Detecting and Localizing Pneumonia from Chest X-Ray Scans with PyTorch

In this post, we’ll build a machine learning pipeline to classify whether a patient has Pneumonia or not from chest x-ray images and then draw a heat-map on areas that the model used to make these decisions

5 years ago   •   15 min read

By Henry Ansah Fordjour

Over the years, we have seen very powerful models being built to distinguish between objects. These models keep getting better in terms of performance and latency day by day but have we ever wondered what exactly these models pick up from images used to train them to make practically flawless predictions. There are undoubtedly features in images we feed into these models that they look at to make predictions and that is what we seek to explore in this article. Not long ago, researchers at Stanford university released a paper on how they are using deep learning to push the edge of Pneumonia diagnosis. Their work really got me fascinated so I tried it out in Pytorch and I am going to show you how I implemented this work using a different dataset on Kaggle.

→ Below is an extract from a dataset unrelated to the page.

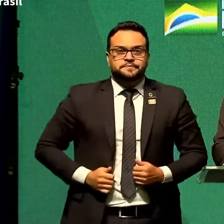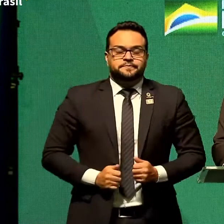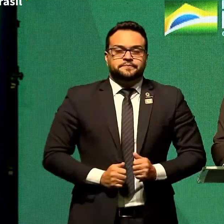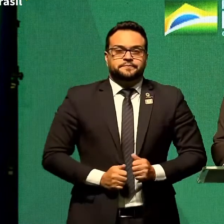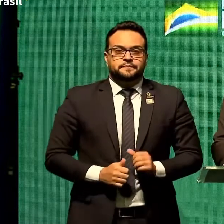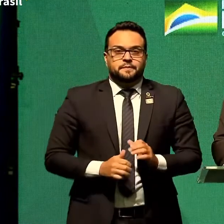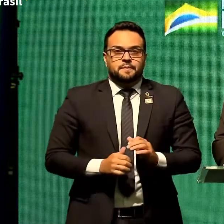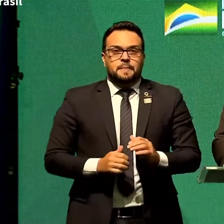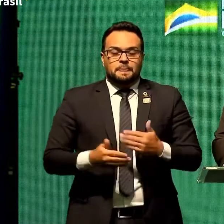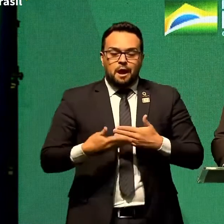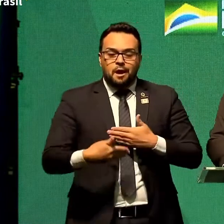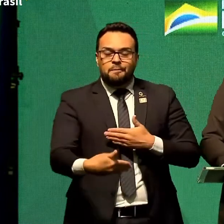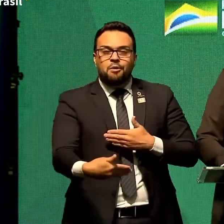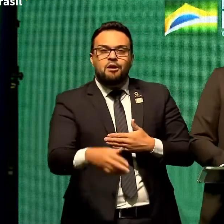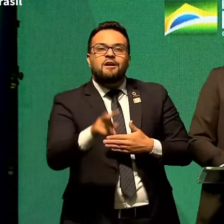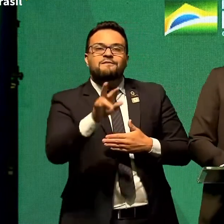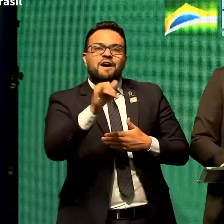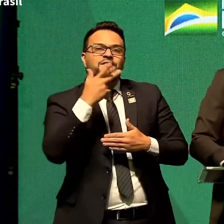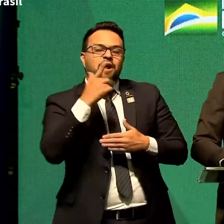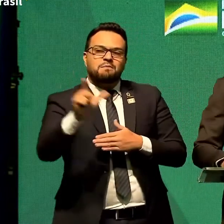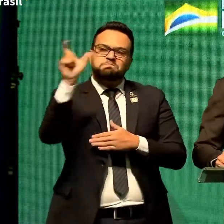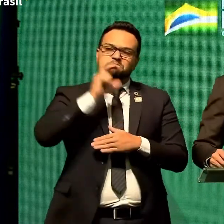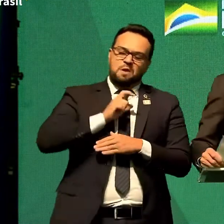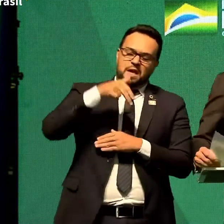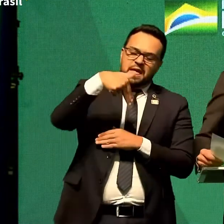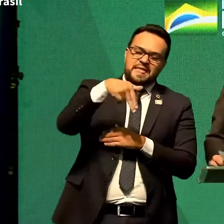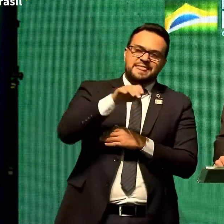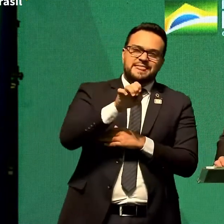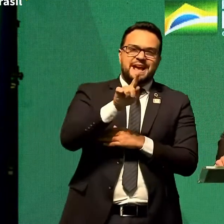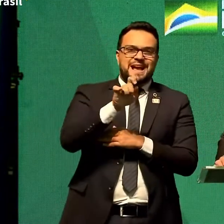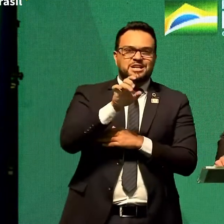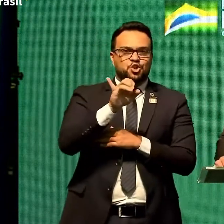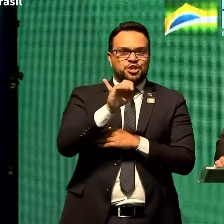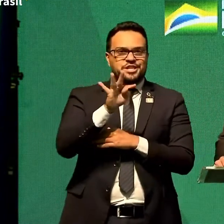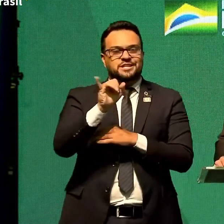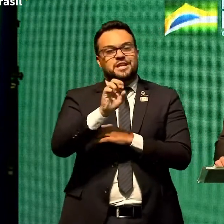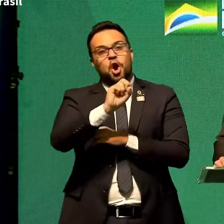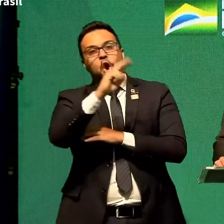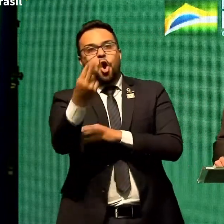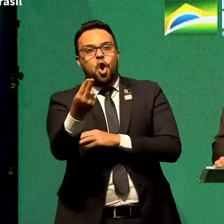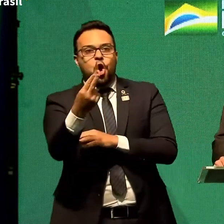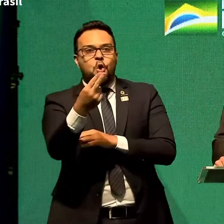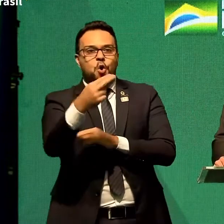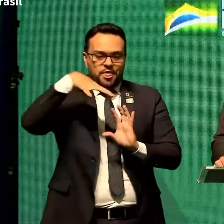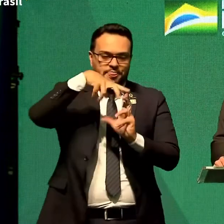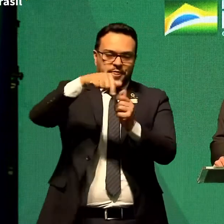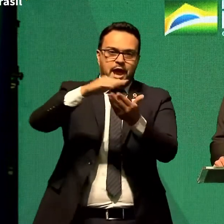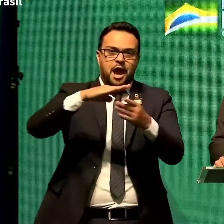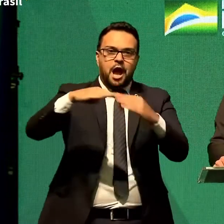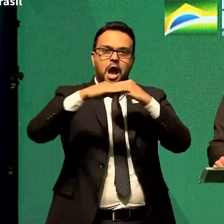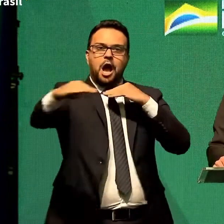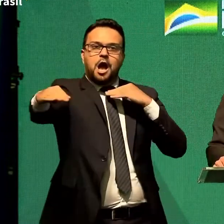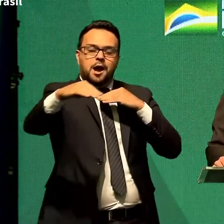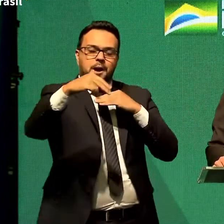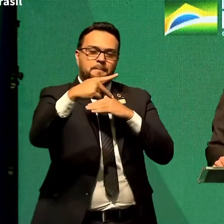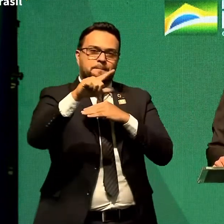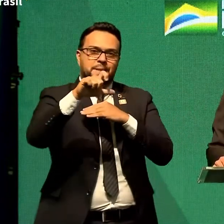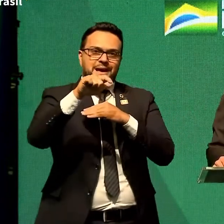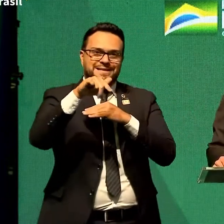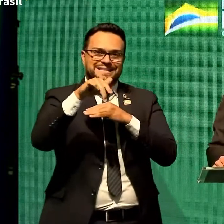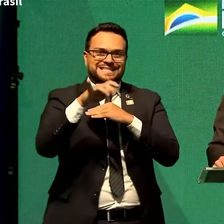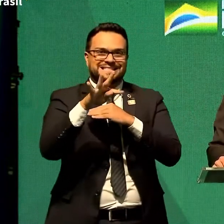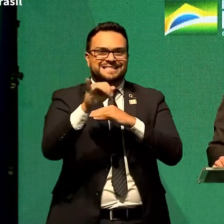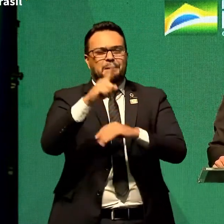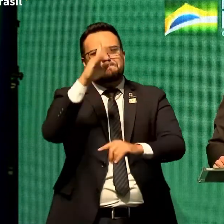Daqui a pouco vão me chamar de negacionista ou terraplanista. Não tem mais do que me acusar depois daquelas

Link to paper on Class Activation Maps:

In this post, we’ll build a machine learning pipeline to classify whether a patient has Pneumonia or not from chest x-ray images and then draw a heat-map  on areas that the model used to make these decisions. Below is a quick overview of the entire project.

Load and preprocess our data

Feed the data into the model and train

Perform both forward pass and backward pass to train our model

Test and evaluate our model

Model evaluation

And then lastly we draw  class activation maps on our test samples to generate our final desired output

Pneumonia sample


Our goal in this project is to classify chest x-ray images as containing Pneumonia or not and draw class activation maps on discriminative regions used to identify the Pneumonia. We are going to leverage the simple nature  of the connectivity offered by Global Average Pooling in already existing canonical models to design a pipeline to perform the task at hand. Since ResNet already has  a Global Average Pooling, we find it ideal for use for this task.In order to get a full grasp of the task at hand, there are some  areas in the model we will want to visit. One important area is the Global Average Pooling layer.


Usually in a Convolutional Neural Network architecture, all the convolutional layers are proceeded by one or more fully connected layers but these fully connected layers normally have a lot of parameters making the model prone to over-fitting. The Global Average Pooling layer as a replacement to fully connected layers at the end of convolutional layers reduces the number of parameters due to the fully connected layers to zero since they just reduce the spatial dimension to feature maps produced by the last convolutional layer. They work exactly the same way as average and max pooling layers but perform a more extreme dimensional reduction by taking a tensor of size h x w x d and producing  a tensor of size 1 x 1 x d. All what they do is to find the average each h x w feature map into a singe value.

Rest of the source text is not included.